Synthesis, Crystal Structure, and Stability of Cubic Li _{7– x} La ₃Zr _{2– x} Bi _x O ₁₂

Li oxide garnets are among the most promising candidates for solid-state electrolytes in novel Li ion and Li metal based battery concepts. Cubic Li ₇La ₃Zr ₂O ₁₂ stabilized by a partial substitution of Zr ⁴⁺ by Bi ⁵⁺ has not been the focus of research yet, despite the fact that Bi ⁵⁺ would be a cost-effective alternative to other stabilizing cations such as Nb ⁵⁺ and Ta ⁵⁺. In this study, Li _{7– x} La ₃Zr _{2– x} Bi _x O ₁₂ ( x = 0.10, 0.20, ..., 1.00) was prepared by a low-temperature solid-state synthesis route. The samples have been characterized by a rich portfolio of techniques, including scanning electron microscopy, X-ray powder diffraction, neutron powder diffraction, Raman spectroscopy, and ⁷Li NMR spectroscopy. Pure-phase cubic garnet samples were obtained for x ≥ 0.20. The introduction of Bi ⁵⁺ leads to an increase in the unit-cell parameters. Samples are sensitive to air, which causes the formation of LiOH and Li ₂CO ₃ and the protonation of the garnet phase, leading to a further increase in the unit-cell parameters. The incorporation of Bi ⁵⁺ on the octahedral 16 a site was confirmed by Raman spectroscopy. ⁷Li NMR spectroscopy shows that fast Li ion dynamics are only observed for samples with high Bi ⁵⁺ contents.

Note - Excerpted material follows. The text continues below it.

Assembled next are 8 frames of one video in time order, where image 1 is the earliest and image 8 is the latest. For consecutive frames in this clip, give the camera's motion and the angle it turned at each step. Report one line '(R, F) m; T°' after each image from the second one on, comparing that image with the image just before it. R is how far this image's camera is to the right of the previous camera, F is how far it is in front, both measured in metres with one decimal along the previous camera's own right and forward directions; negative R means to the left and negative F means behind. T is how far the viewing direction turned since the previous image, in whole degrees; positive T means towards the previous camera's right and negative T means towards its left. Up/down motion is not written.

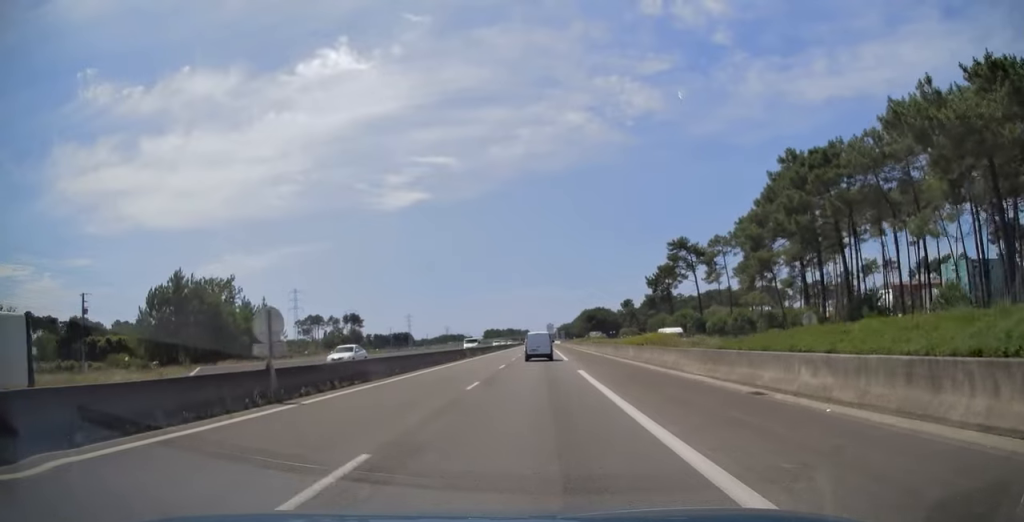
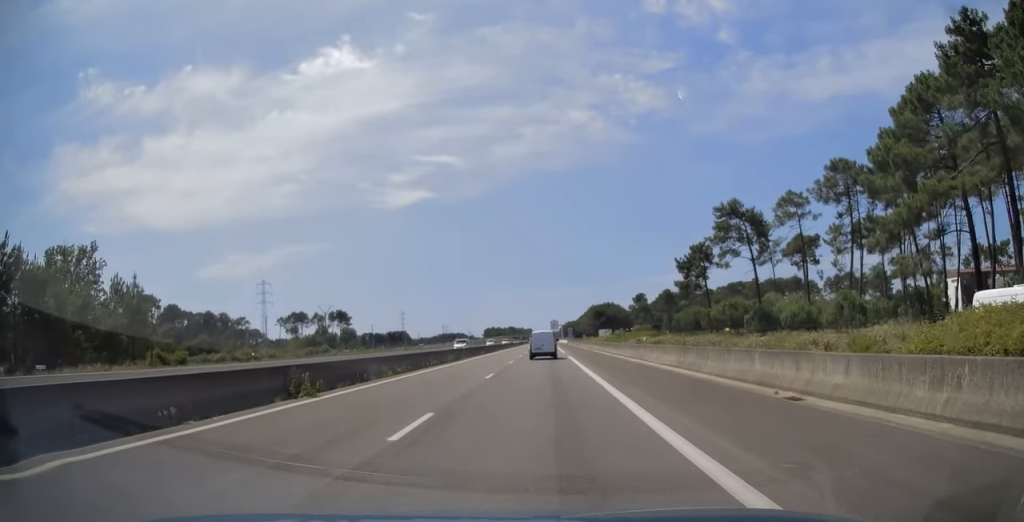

The cubic modification of Li ₇La ₃Zr ₂O ₁₂ can be stabilized by a by a partial substitution of Zr ⁴⁺ by Bi ⁵⁺. The incorporation of Bi ⁵⁺ leads to an increase in the unit-cell parameters. Samples prepared by a low-temperature preparation route are sensitive to CO ₂ and H ₂O from air, causing a protonation of the garnet phase. ⁷Li NMR spectroscopy shows that fast translational Li ion dynamics are only observed for samples with high Bi ⁵⁺ contents.